|
|
|
|
|
by arcticbull
2239 days ago
|
|
Thanks for following up. Just as an FYI, there's a few bugs in your implementation, the most obvious one is the use of ".len()" in a number of places interspersed with ".chars().count()". These two return different values. ".len()" returns then number of UTF-8 bytes in the input string, which for ASCII is the same as ".chars().count()" obviously, but if you do attempt any Unicode characters, your function won't work. ".chars()" provides Unicode Scalar Values (USVs) -- which is a subset of code points, excluding surrogate pairs [1]. Note also this is not the same as a Go rune, which is a code point including surrogate pairs. Secondly, you re-implemented "std::cmp::min" at the bottom of the file, and I'm not sure if the stdlib version is more optimized.

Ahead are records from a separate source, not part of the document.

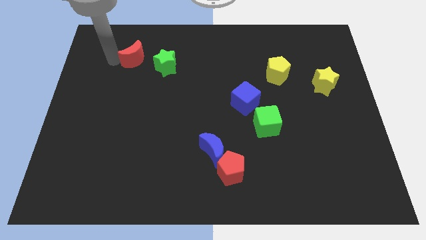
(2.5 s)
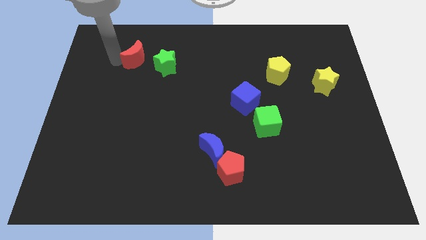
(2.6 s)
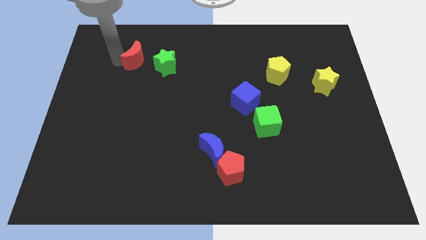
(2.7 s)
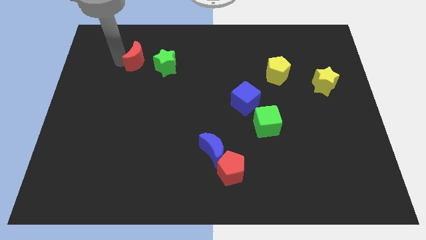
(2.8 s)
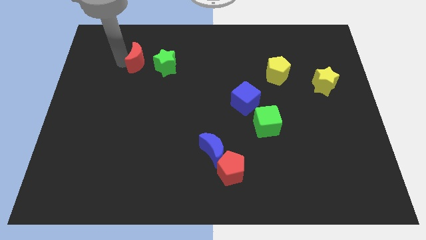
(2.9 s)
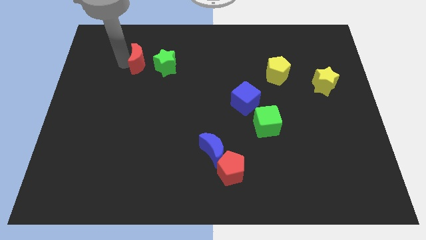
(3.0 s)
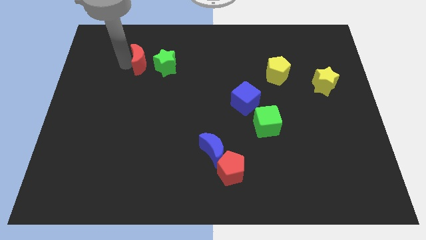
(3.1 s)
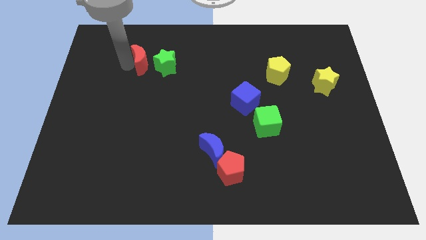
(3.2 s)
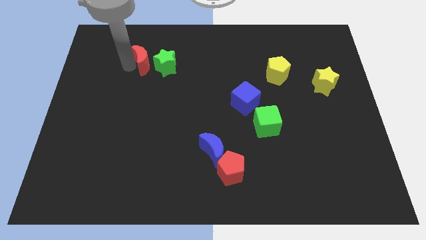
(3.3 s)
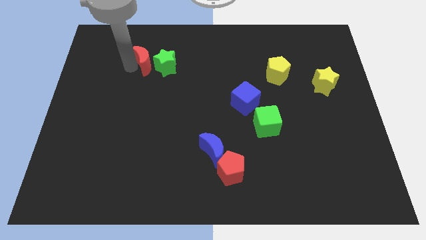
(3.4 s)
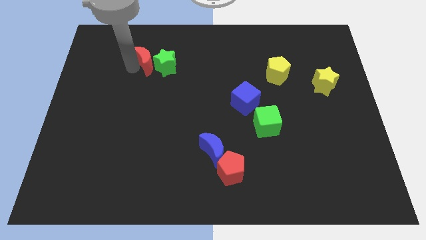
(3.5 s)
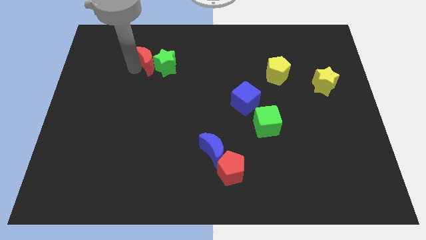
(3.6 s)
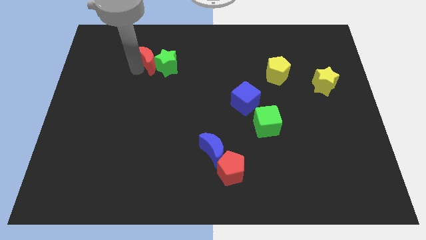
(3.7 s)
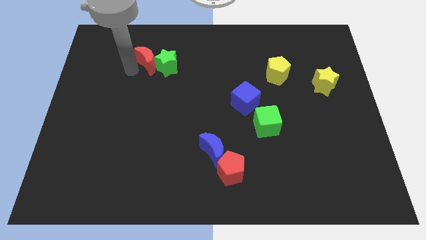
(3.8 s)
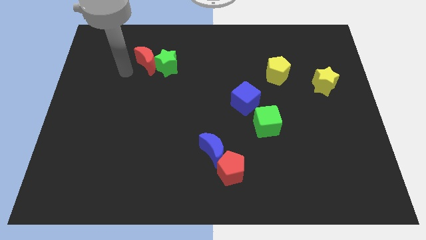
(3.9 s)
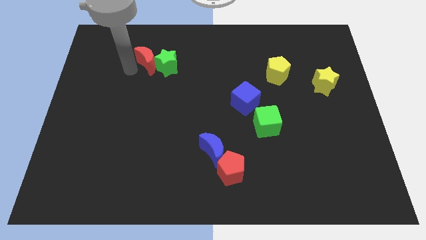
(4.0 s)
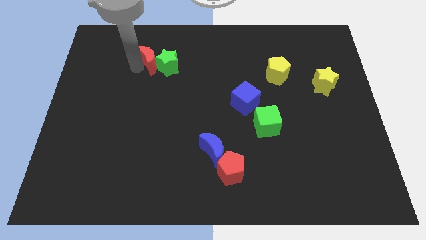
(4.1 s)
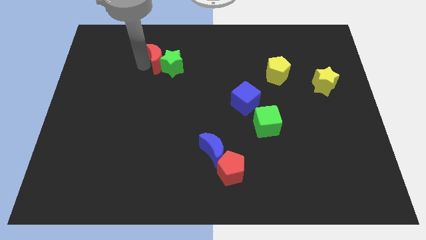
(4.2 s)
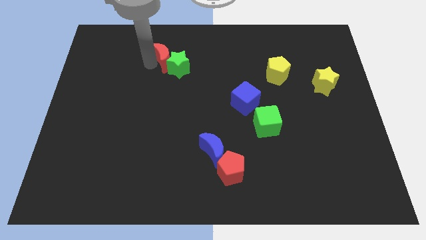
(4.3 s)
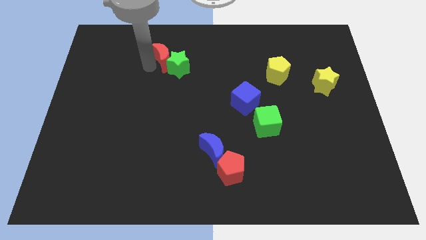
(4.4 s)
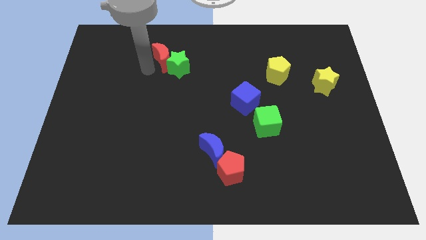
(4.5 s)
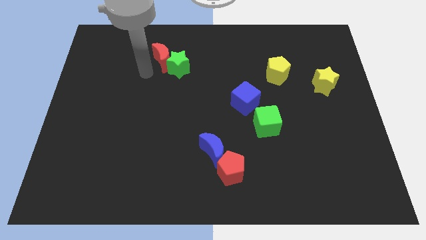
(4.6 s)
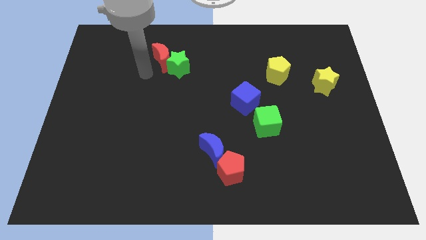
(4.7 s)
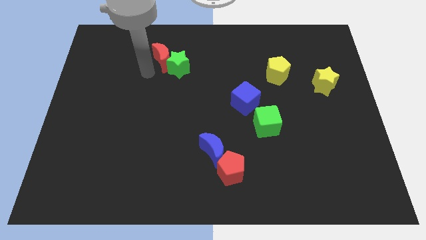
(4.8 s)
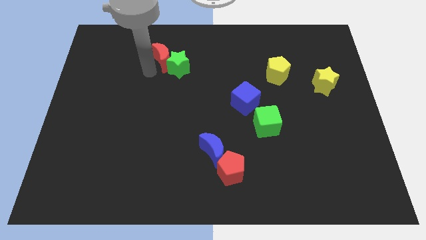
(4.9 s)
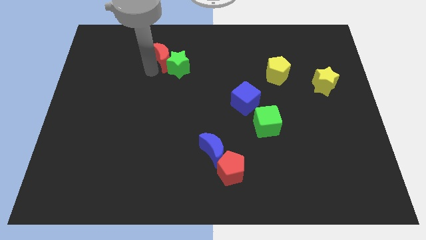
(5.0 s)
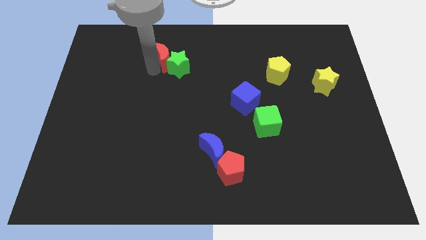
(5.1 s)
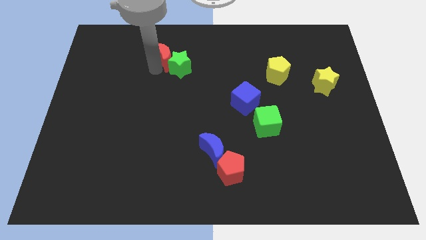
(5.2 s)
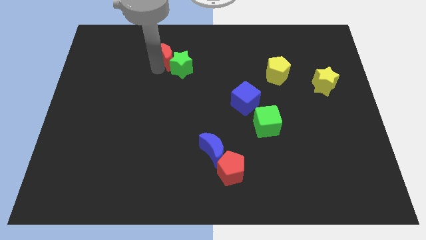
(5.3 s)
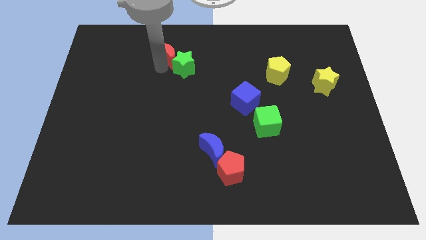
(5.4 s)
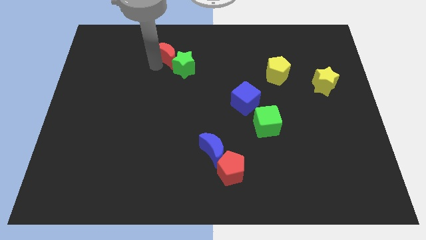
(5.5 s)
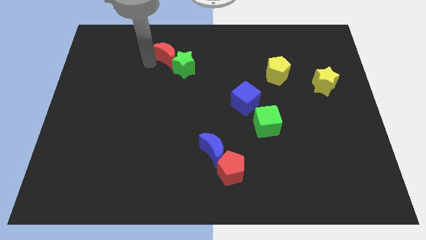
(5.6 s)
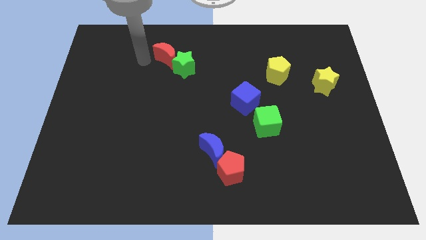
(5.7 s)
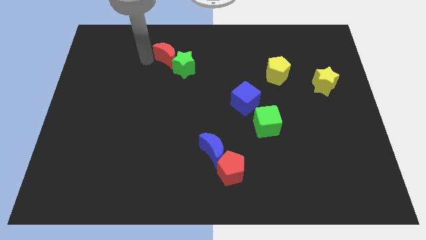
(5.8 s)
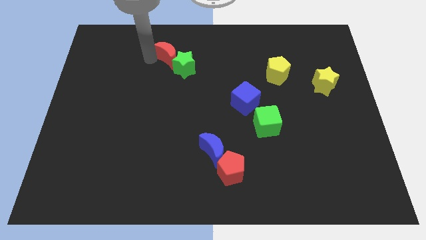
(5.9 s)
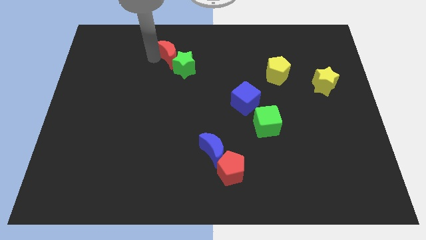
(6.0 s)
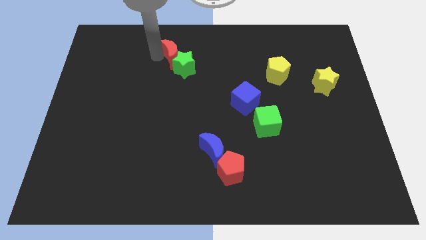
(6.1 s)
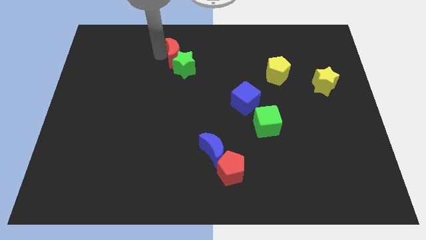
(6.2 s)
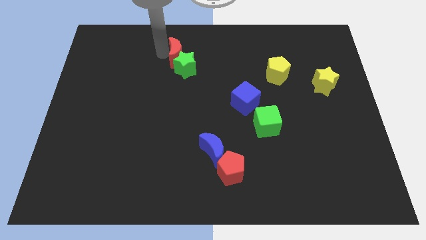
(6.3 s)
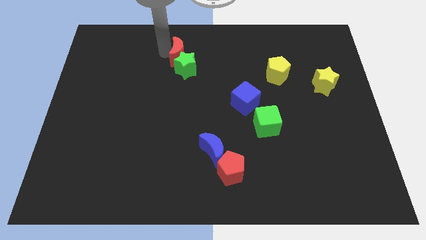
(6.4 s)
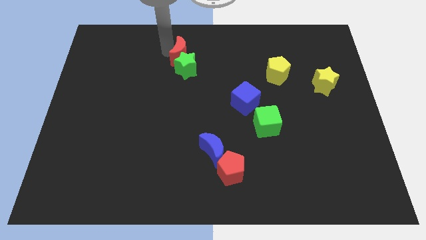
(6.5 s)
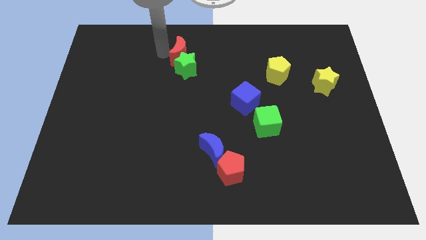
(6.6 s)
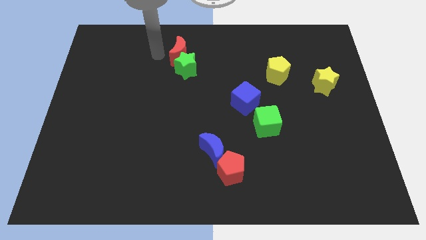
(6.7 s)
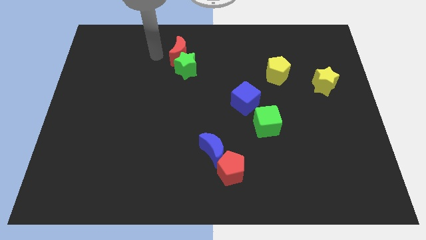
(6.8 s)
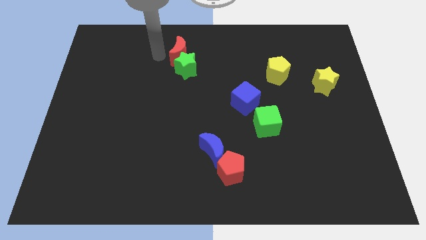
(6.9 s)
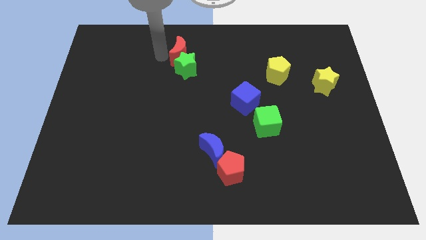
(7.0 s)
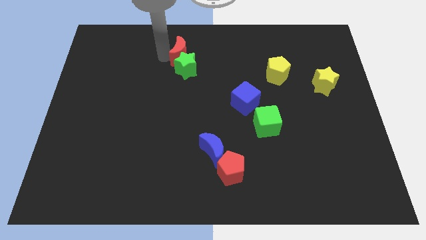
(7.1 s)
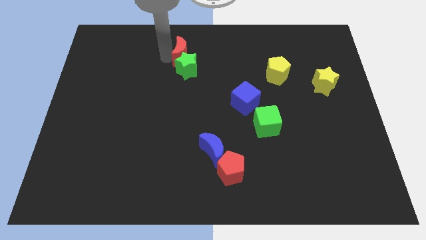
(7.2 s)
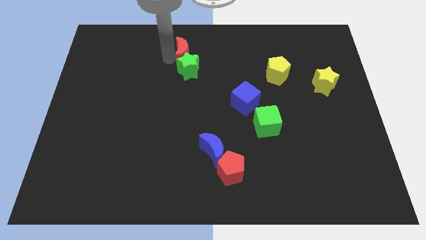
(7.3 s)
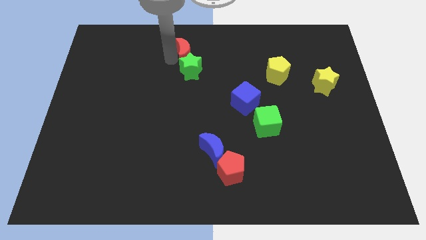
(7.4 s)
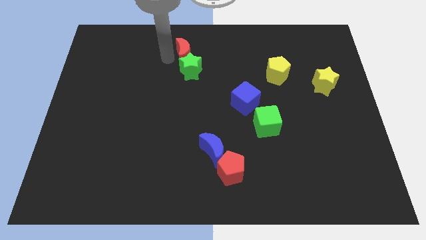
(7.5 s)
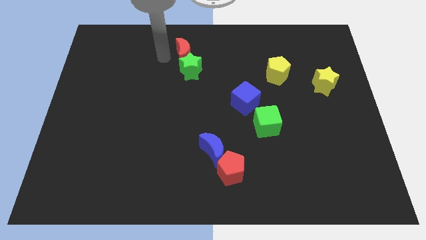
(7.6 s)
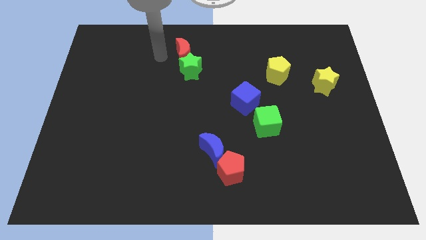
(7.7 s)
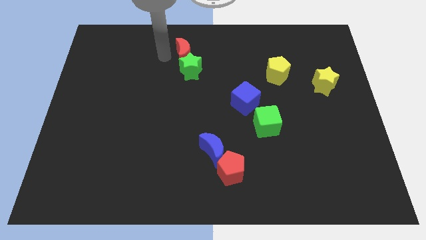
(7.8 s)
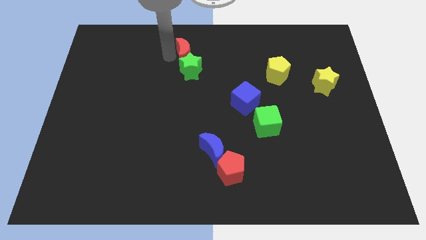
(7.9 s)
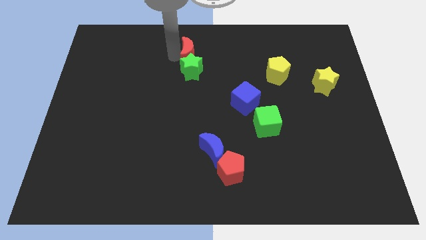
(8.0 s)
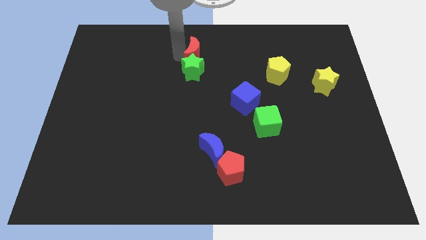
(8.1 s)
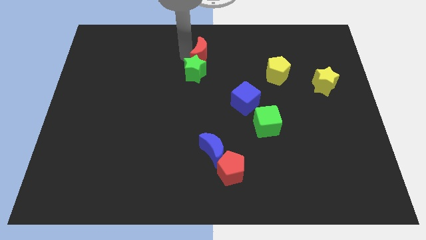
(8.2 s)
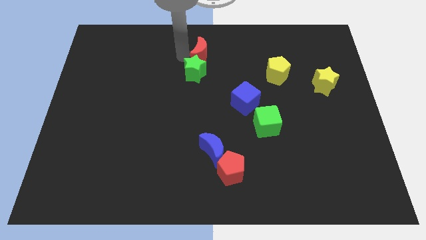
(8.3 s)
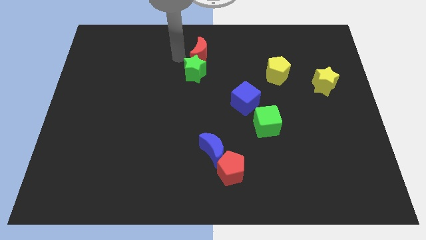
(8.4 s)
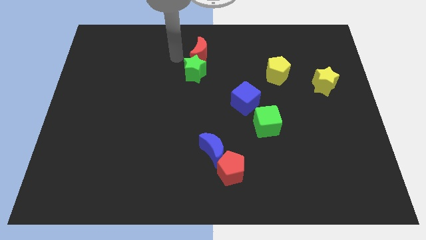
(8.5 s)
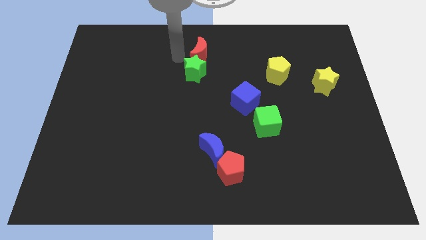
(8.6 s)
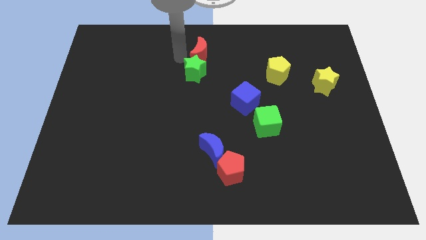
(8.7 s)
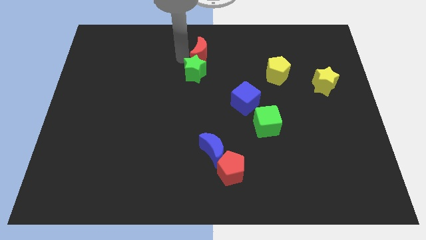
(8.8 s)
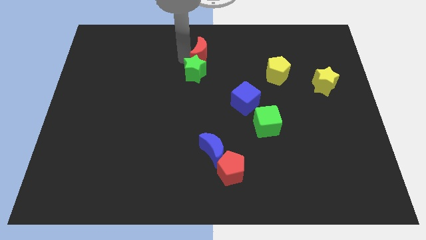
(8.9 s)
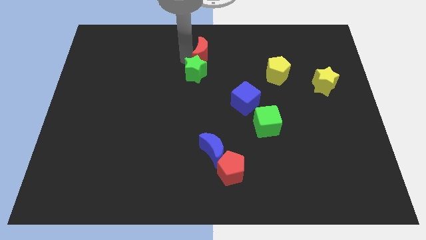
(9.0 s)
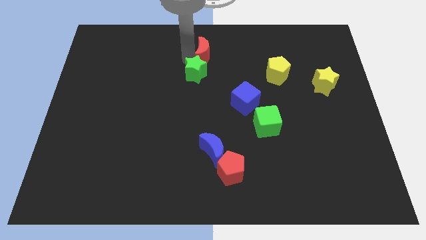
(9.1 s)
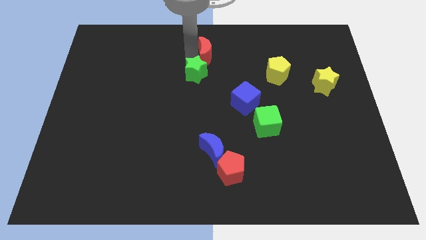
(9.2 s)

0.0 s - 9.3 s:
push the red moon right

Lastly, well, you caught the issue with repeated passes over the string. I've fixed the issues if you're curious: https://gist.github.com/martinmroz/2ff91041416eeff1b81f624ea... Unrelated, I hate the term "fake news" as it's an intentional attempt to destroy the world public's faith in news media. It's a cancer on civilized society. Somewhere your civics teacher is crying into some whiskey, even though of course you're joking. [1] http://www.unicode.org/glossary/#unicode_scalar_value |
|
Based on some cursory research, the go version differs in a more subtle way too. A Rune is a Code Point, which is a superset of the Rust "char" type; it includes surrogate pairs.